This study aims to examine the effect of data-driven supply chain (DDSC) on artificial intelligence (AI) and supply chain sustainability (SCSU) including supplier sustainable development, environmental sustainability and social sustainability. The scanning, interpretation, action and performance (SIAP) model is used in this study to explain the research model.
Using a sample of 216 responses, collected from managers of manufacturing small and medium-sized enterprises (SMEs) via purposive sampling, this study applied partial least squares structural equation modeling (PLS-SEM), necessary condition analysis (NCA) and importance performance map analysis (IPMA) to test the impact of DDSC on AI and SCSU in the context of Malaysia.
The findings from multiple statistical techniques indicate that DDSC is positively associated with AI and SCSU. Besides, AI plays a mediating role between DDSC and SCSU. These findings argue that DDSC and AI are the important factors that enhance SCSU outcomes, thus prioritizing DDSC in achieving excellence in SCSU and reaching sustainable development goals.
The findings indicate that managers should strategically implement DDSC aligned with sustainability goals to improve real-time data utilization, reduce waste and optimize resource allocation. Integrating AI-driven analytics improves SC responsiveness and decision-making. Hence, firms should invest in digital capabilities to maximize these benefits and foster inclusive and effective SCSU outcomes.

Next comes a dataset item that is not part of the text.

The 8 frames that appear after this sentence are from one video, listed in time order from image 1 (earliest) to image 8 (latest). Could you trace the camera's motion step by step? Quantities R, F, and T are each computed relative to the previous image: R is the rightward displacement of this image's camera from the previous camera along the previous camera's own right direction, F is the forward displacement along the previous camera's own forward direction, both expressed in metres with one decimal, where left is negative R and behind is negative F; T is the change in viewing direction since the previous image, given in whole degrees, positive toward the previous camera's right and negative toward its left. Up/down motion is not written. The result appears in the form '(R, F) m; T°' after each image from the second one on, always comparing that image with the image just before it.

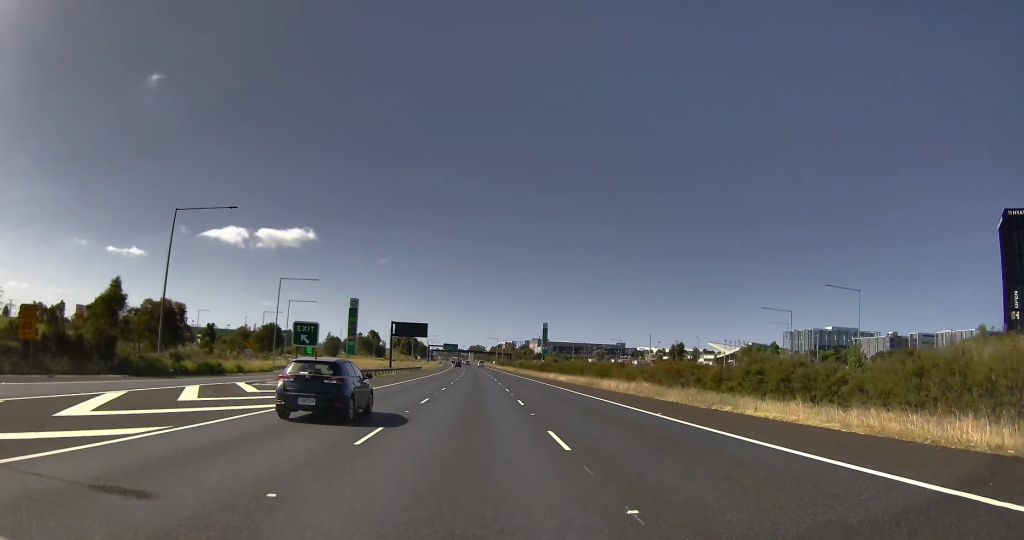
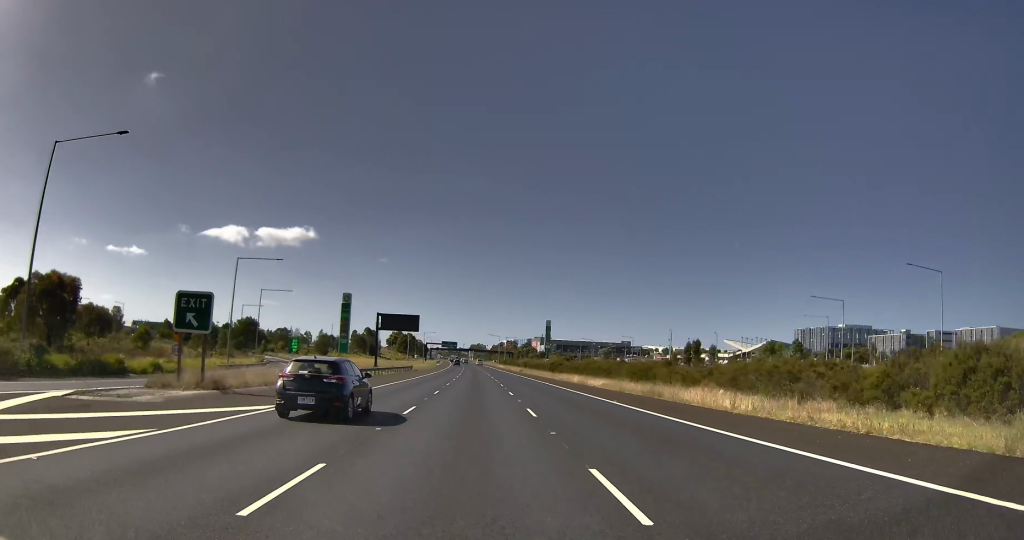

To the best of the authors' knowledge, this article extends the sensing, interpretation, action and performance pillars of the SIAP model by integrating DDSC and AI to comprehend SCSU in manufacturing SMEs in the emerging economy of Malaysia. It conceptualizes AI as a mediator capability inherent within DDSC using PLS-SEM, NCA and IPMA to reveal both sufficiency and necessity conditions for SCSU outcomes.